RAW DATA →
----

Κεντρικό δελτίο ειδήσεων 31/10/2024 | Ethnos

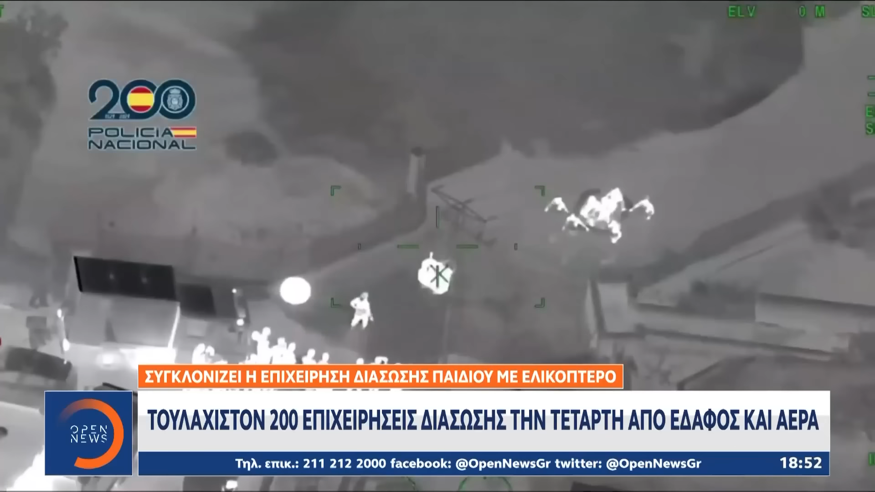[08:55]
Ένα μωρό παιδί διασώθηκε με ελικόπτερο, ενώ συγκλονιστικές είναι οι εικόνες από θερμική κάμερα drone που δείχνουν ανθρώπους μέσα στη νύχτα να είναι πάνω στις σκεπές των σπιτιών τους ψάχνοντας για βοήθεια.

----

Output the complete listing exactly. Pictures stay out.

Κεντρικό δελτίο ειδήσεων 31/10/2024 | Ethnos

[08:55]
Ένα μωρό παιδί διασώθηκε με ελικόπτερο, ενώ συγκλονιστικές είναι οι εικόνες από θερμική κάμερα drone που δείχνουν ανθρώπους μέσα στη νύχτα να είναι πάνω στις σκεπές των σπιτιών τους ψάχνοντας για βοήθεια.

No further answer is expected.